9. A decoder apparatus according to claim 7 or 8, wherein said at least two stripes are overlapped at a predetermined overlapping area where said generated faked blocks are inserted.

10. A decoder apparatus according to any one of the preceding claims, wherein said prediction means (50) are adapted to predict coefficients of a discrete cosine transformation.

11. A decoder apparatus according to any one of the preceding claims, wherein said generating means (20) is adapted to generate said fake blocks by performing a reverse prediction based on predictors obtained from said prediction means (50) for said one of said at least two stripes.

12. A decoder apparatus according to any one of the preceding claims, wherein said decoder apparatus is an MPEG-4 decoder.

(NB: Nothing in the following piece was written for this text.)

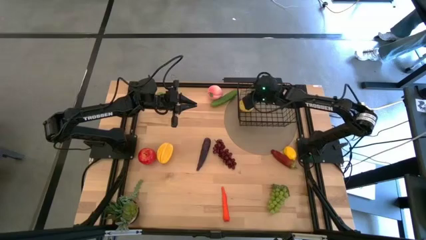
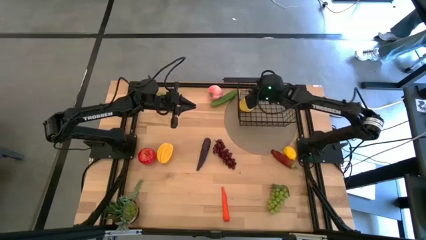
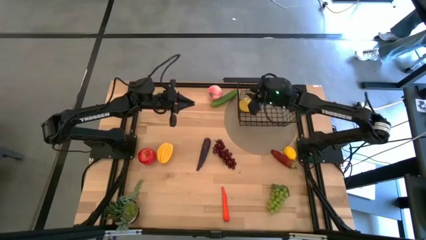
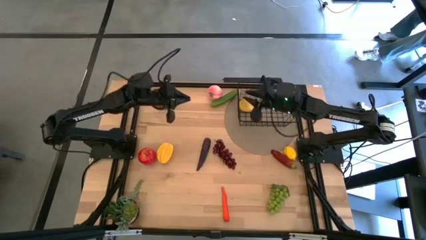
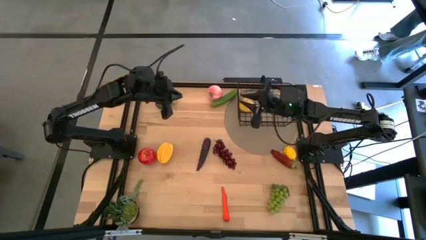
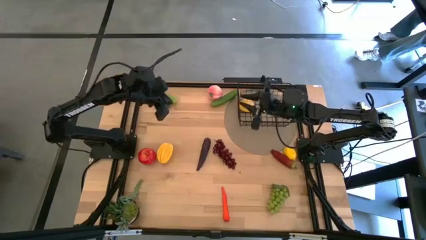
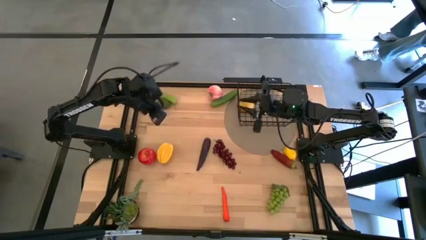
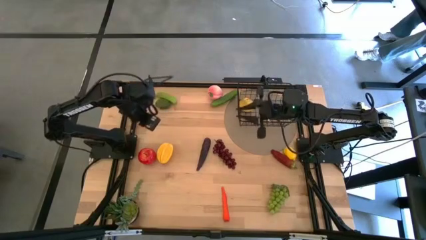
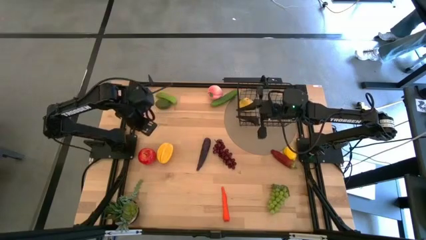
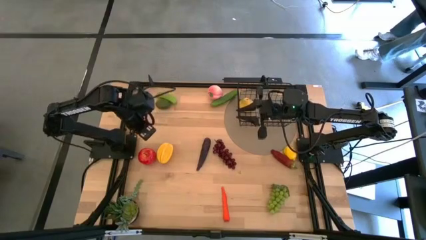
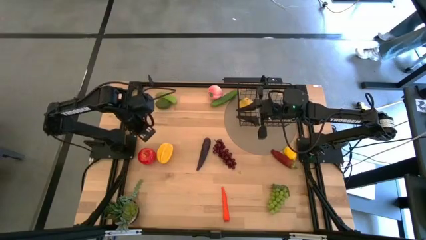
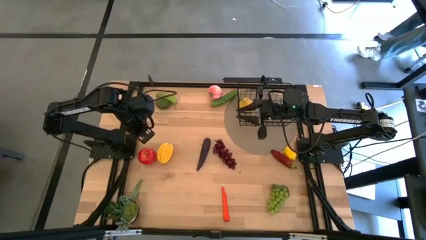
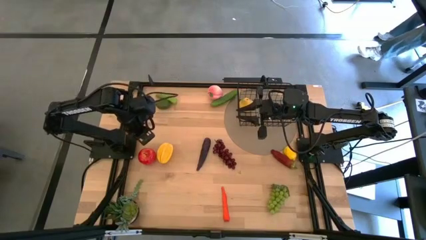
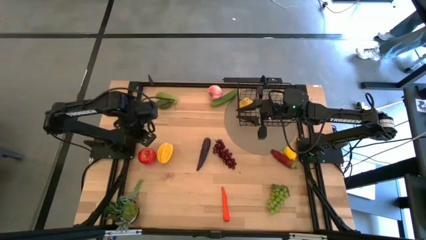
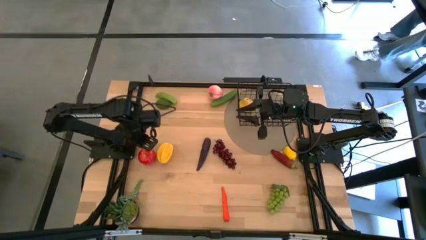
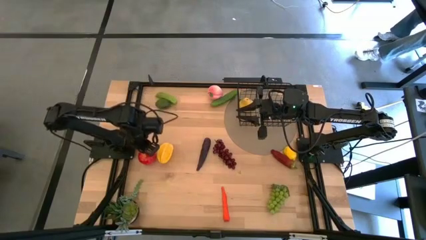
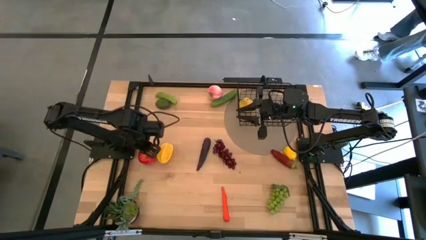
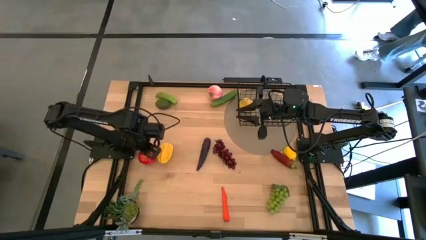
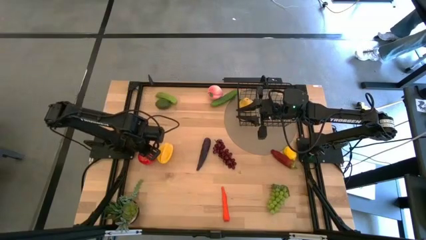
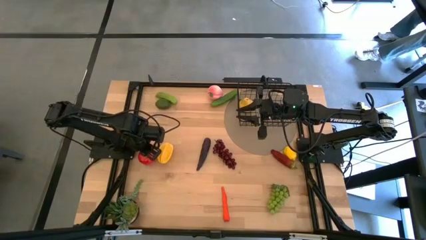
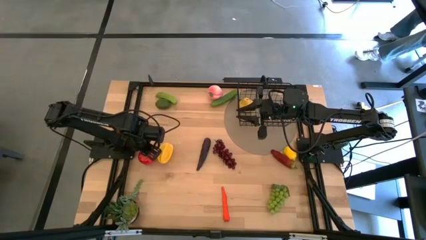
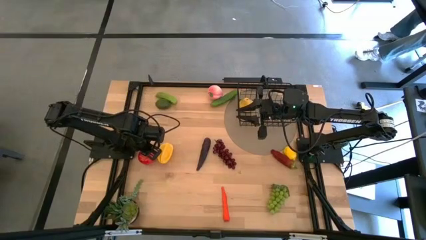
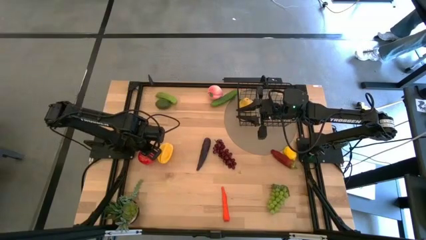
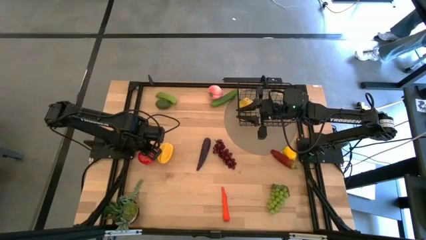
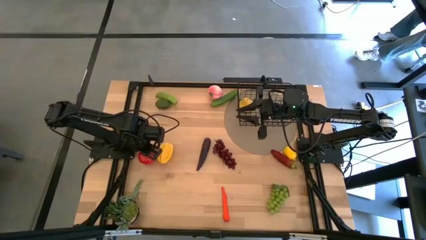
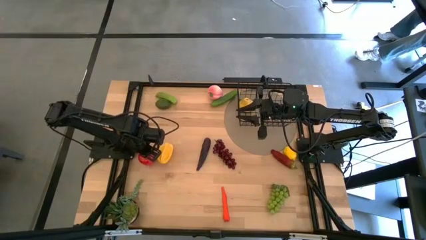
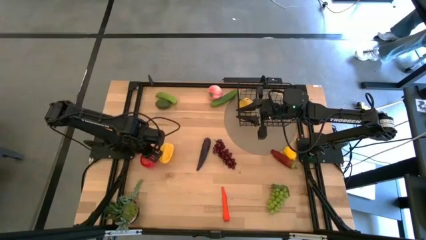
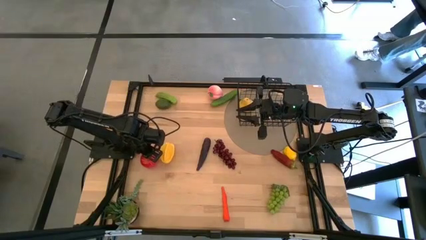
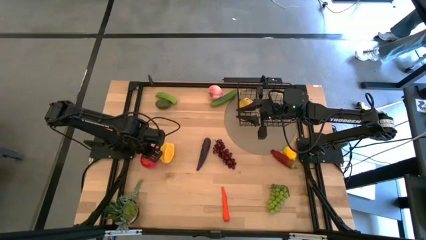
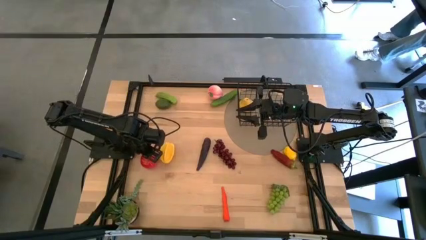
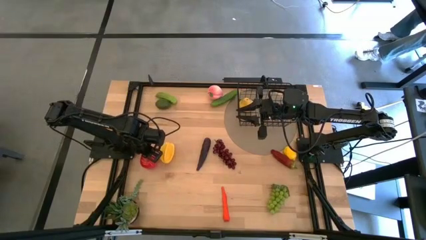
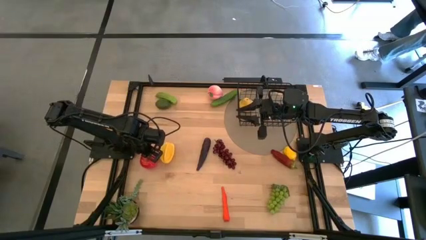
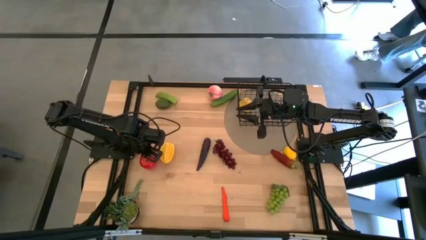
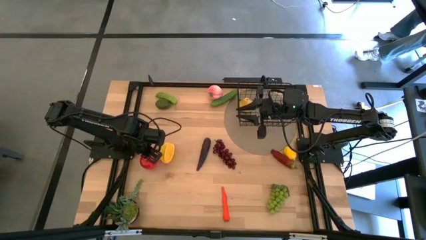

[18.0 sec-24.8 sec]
Task: Build produce basket
Put the red apple into the black wire basket

13. A decoding method for decoding compressed video data having a plurality of video frames with a plurality of blocks, said decoding method comprising the steps of: a) splitting said video frames in a first predetermined direction into at least two stripes whose width does not exceed a hardware prediction line size of said decoder apparatus; b) performing a coefficient prediction on one of said at least two stripes to provide a predictor in a second predetermined direction for at least one other of said at least two stripes, said second predetermined direction being perpendicular to said first predetermined direction; and c) generating fake blocks to be inserted into said at least one other of said at least two stripes in order to initialize prediction in said second predetermined direction.

14. A computer program product comprising code means adapted to produce steps a) and c) of method claim 13 when run on a computer device.

15. A computer readable medium on which a computer program product according to claim 14 is stored.